**PROVIDED MATERIAL**
::::::

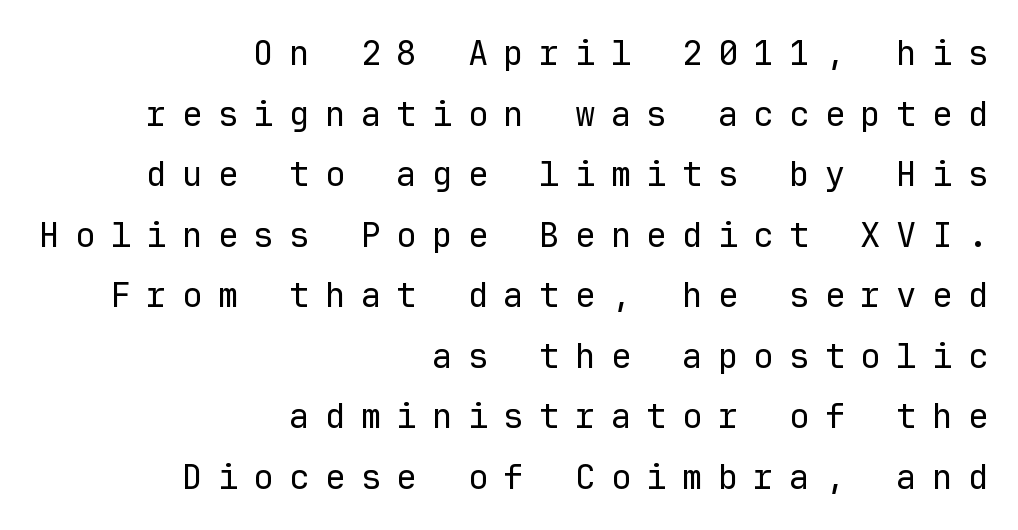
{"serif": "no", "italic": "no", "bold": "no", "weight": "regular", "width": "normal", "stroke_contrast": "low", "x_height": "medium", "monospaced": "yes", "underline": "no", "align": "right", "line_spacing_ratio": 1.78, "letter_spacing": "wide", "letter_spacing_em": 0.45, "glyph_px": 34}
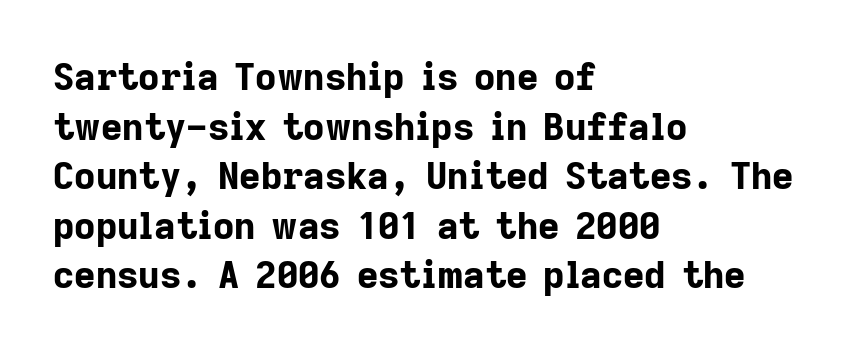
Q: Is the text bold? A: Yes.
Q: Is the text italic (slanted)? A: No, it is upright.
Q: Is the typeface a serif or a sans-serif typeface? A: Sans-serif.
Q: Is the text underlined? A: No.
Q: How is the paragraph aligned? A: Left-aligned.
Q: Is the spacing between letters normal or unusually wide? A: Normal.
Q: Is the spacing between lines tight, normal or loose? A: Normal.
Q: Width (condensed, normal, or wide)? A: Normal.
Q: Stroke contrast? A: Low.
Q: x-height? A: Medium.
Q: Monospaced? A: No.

::::::

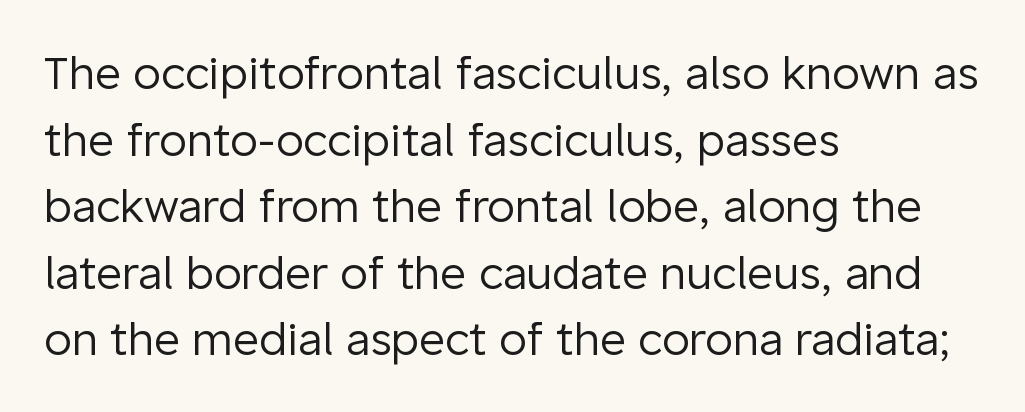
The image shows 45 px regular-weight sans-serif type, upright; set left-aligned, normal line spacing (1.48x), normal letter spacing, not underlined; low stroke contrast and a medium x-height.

::::::

**ASSIGNMENT**
Give back, unchanged, the run of lines in the listing above that begins at the line containing "Q: Is the spacing between lines" and ends at the line containing "Q: Monospaced? A: No.", both included.

**TASK SOLUTION**
Q: Is the spacing between lines tight, normal or loose? A: Normal.
Q: Width (condensed, normal, or wide)? A: Normal.
Q: Stroke contrast? A: Low.
Q: x-height? A: Medium.
Q: Monospaced? A: No.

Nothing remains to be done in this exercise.